‘Please don’t execute Geronimo’ owner pleads as animal is taken away

A black alpaca from his side with a blue sky behind.
Alpaca, photo: Fallbrook via Canva

The male alpaca Geronimo, who has been given a death sentence by the British government, has been taken away from his home on Tuesday. “Please don’t execute Geronimo,” his owner, Helen Macdonald, pleaded on social media.

Officers from the Department for Environment, Food and Rural Affairs (Defra), escorted by police, put a rope around the small animal and dragged him to their car.

According to Defra, Geronimo has bovine tuberculosis and needs to be killed, but Macdonald argued that Geronimo is healthy, and the tests gave false-positive results. She asked for a different way of testing, specific for alpacas.

More than 140,000 people support MacDonald and signed the petition ‘Save Geronimo – Stop killing healthy alpacas without valid science’.


Geronimo was born in New Zealand and has been in England since 2016.

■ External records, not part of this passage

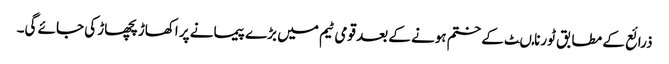
ذرائع کے مطابق ٹورنامںٹ کے ختم ہونے کے بعد قومی ٹیم میں بڑے پیمانے پر اکھاڑ پچھاڑ کی جائے گی۔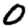
Digit: 0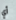
أي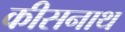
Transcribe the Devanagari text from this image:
कीसनाथ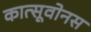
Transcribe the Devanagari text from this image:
कात्सूवोनस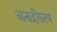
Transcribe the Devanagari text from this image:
अनाद्रीकरण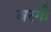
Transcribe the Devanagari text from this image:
वरगी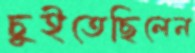
চুইতেছিলেন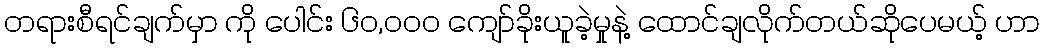
တရားစီရင်ချက်မှာ ကို ပေါင်း ၆၀,၀၀၀ ကျော်ခိုးယူခဲ့မှုနဲ့ ထောင်ချလိုက်တယ်ဆိုပေမယ့် ဟာ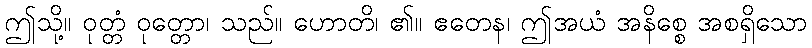
ဤသို့။ ဝုတ္တံ ဝုတ္တော၊ သည်။ ဟောတိ၊ ၏။ ဧတေန၊ ဤအယံ အနိစ္စေ အစရှိသော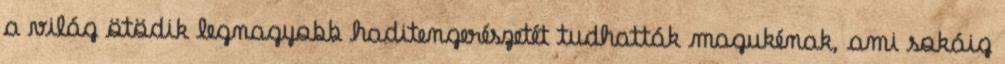
a világ ötödik legnagyobb haditengerészetét tudhatták magukénak, ami sokáig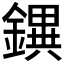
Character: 𨭄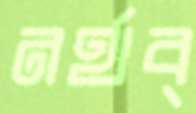
নর্থব্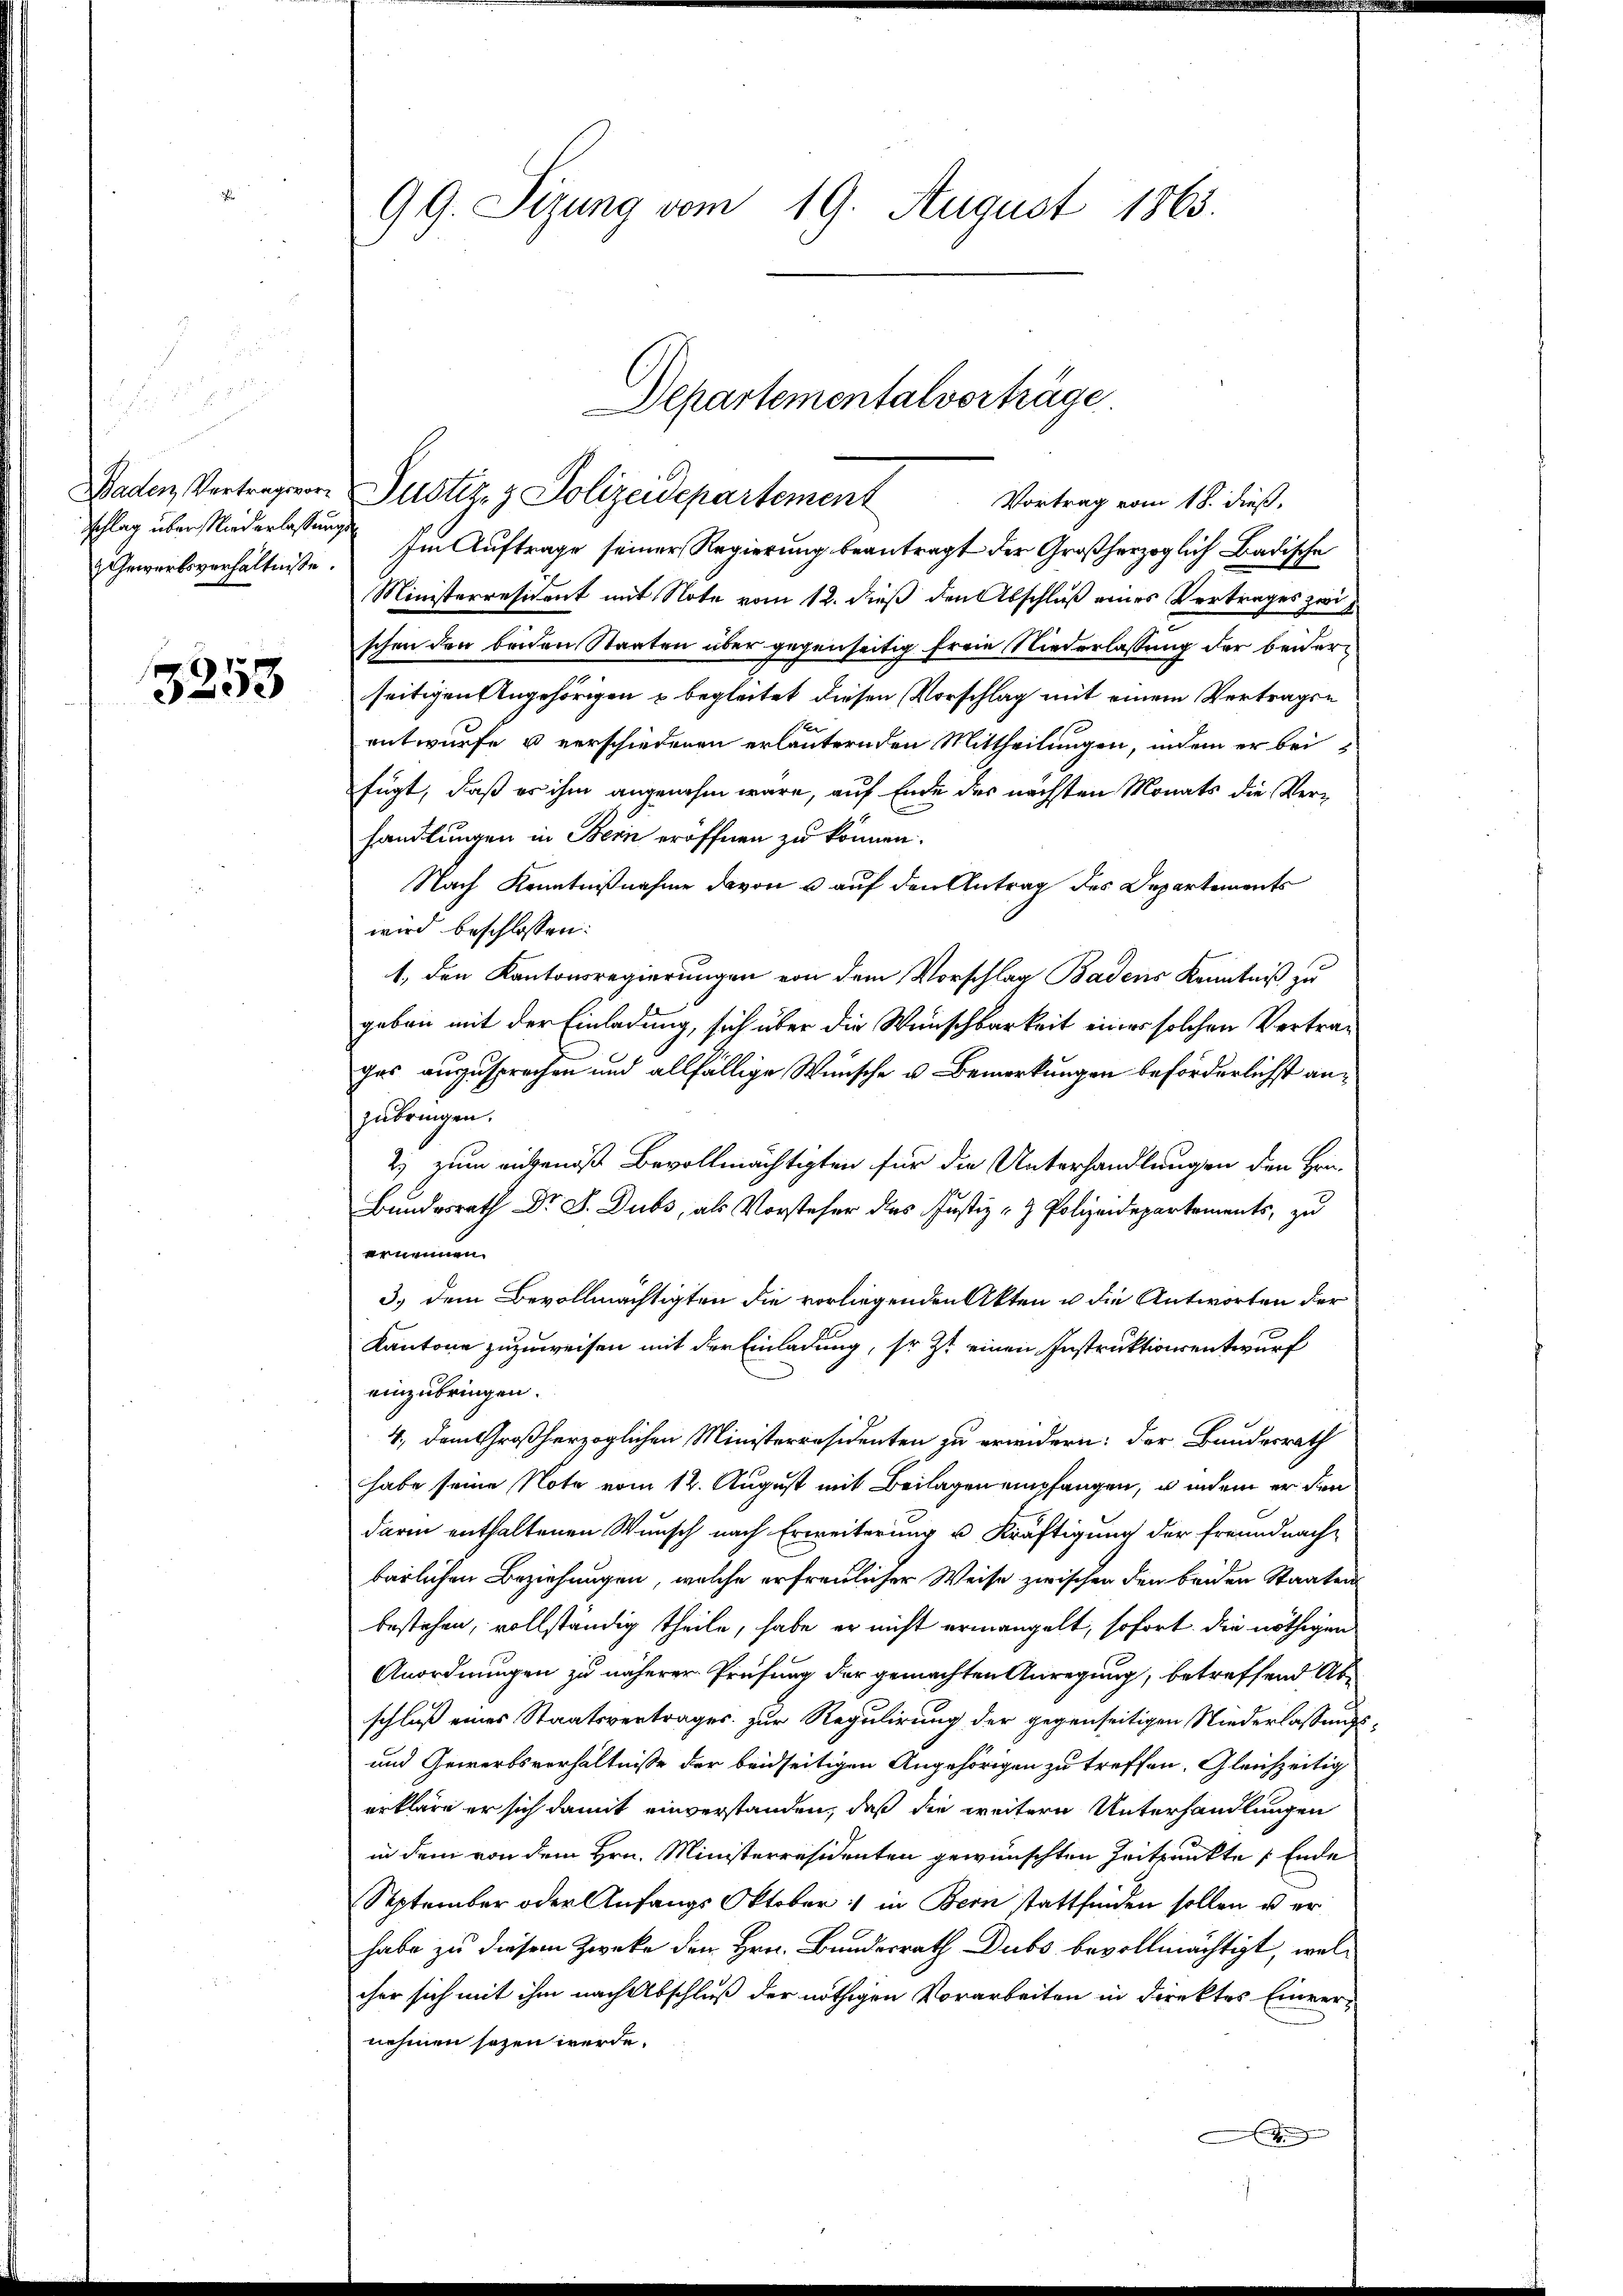
Baden, Vertragsvor¬
Schlag über Niederlassungs¬
Gewerbsverhältnisse

3253

99. Sizung vom 19. August 1863.

Departementalverträge.
Justiz- & Polizeidepartement

Vortrag vom 18. dieß,
Im Auftrage seiner Regierung beantragt der Großherzoglich Badische
Ministerresident mit Note vom 12. dieß den Abschluß eines Vertrages zwischen den beiden Staaten über gegenseitig freie Niederlassung der beiderseitigen Angehörigen & begleitet diesen Vorschlag mit einem Vertragen
entwurfe u verschiedenen erläuternden Mittheilungen, indem er bei
fügt, daß es ihm angenehm wäre, auf Ende des nächsten Monats die Verhandlungen in Bern eröffnen zu können.
Nach Kenntnißnahme davon 6 auf den Antrag des Departements
wird beschlossen:
1., den Kantonsregierungen von dem Vorschlag Badens Kenntniß zu
geben mit der Einladung, sich über die Wunschbarkeit eines solchen Vertrages auszusprechen und allfällige Wünsche u. Bemerkungen beförderlichst anzubringen.
2) zum angenoß Bevollmächtigten für die Unterhandlungen den Hei¬
Bundesrath Dr. S. Dubs, als Vorsteher des Justiz- & Polizeidepartaments, zu
ernennen.
3.) Dem Bevollmächtigten die vorliegenden Akten u die Antworten der
Kantone zuzuweisen mit der Einladung, so zt einen Instruktionsentwurf
einzubringen.
4, dem Großherzoglichen Ministerräsidenten zu erwidern: der Bundesrath
habe seine Note vom 12. August mit Beilagen empfangen, u indem er den
darin enthaltenen Wunsch nach Erweiterung u Kräftigung der Freundnach-
bärlichen Beziehungen, welche erfreulicher Weise zwischen den beiden Staaten
bestehen, vollständig theile, habe er nicht ermangelt, sofort die nöthigen
Anordnungen zu näherer Prüfung der gemachten Anregung, betreffend Abschluß eines Staatsvertrages zur Regulirung der gegenseitigen Niederlassungs¬
und Gewerbsverhältnisse der beidseitigen Angehörigen zu treffen. Gleichzeitig
erkläre er sich damit einverstanden, daß die weitern Unterhandlungen
in dem von dem Hrn. Ministerresidenten gewünschten Zeitpunkte Ende
September oder Anfangs Oktober :/ in Bern stattfinden sollen u er
habe zu diesem Zwecke dem Hrn. Bundesrath Dubs bevollmächtigt, welher sich mit ihm nach Abschluß der nöthigen Vorarbeiten in direktes Einver-
nehmen sogen werde.
g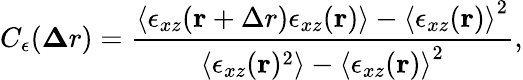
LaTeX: C_{\epsilon}({\mathbf\Delta r})=\frac{\left<\epsilon_{xz}({\mathbf r+\Delta r})\epsilon_{xz}({\mathbf r})\right>-\left<\epsilon_{xz}({\mathbf r})\right>^{2}}{\left<\epsilon_{xz}({\mathbf r})^{2}\right>-\left<\epsilon_{xz}({\mathbf r})\right>^{2}},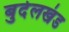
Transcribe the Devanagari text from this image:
बुदेलखंड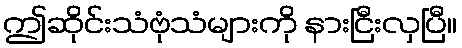
ဤဆိုင်းသံဗုံသံများကို နားငြီးလှပြီ။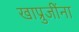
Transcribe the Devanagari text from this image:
खाप्रुजींना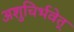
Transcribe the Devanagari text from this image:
अशुचिर्भवेत्

MacDonald, a veterinary nurse who runs an alpaca farm in Gloucestershire in western England, says that the positive test results were incorrect because the tuberculin injections given to Geronimo since he arrived in England can produce false-positive results for bovine tuberculosis.

She wants Geronimo to be re-tested using a different diagnostic tool. So far, the alpaca has gotten two blood tests which MacDonald says are unreliable.

MacDonald also claims that no trials had been done on alpacas to test the accuracy of the bovine tuberculosis tests carried out by Defra.

Macdonald took the government to court in her last attempt to save Geronimo from death, but a High Court judge in London refused to grant a temporary injunction that would have stopped the order to kill the animal.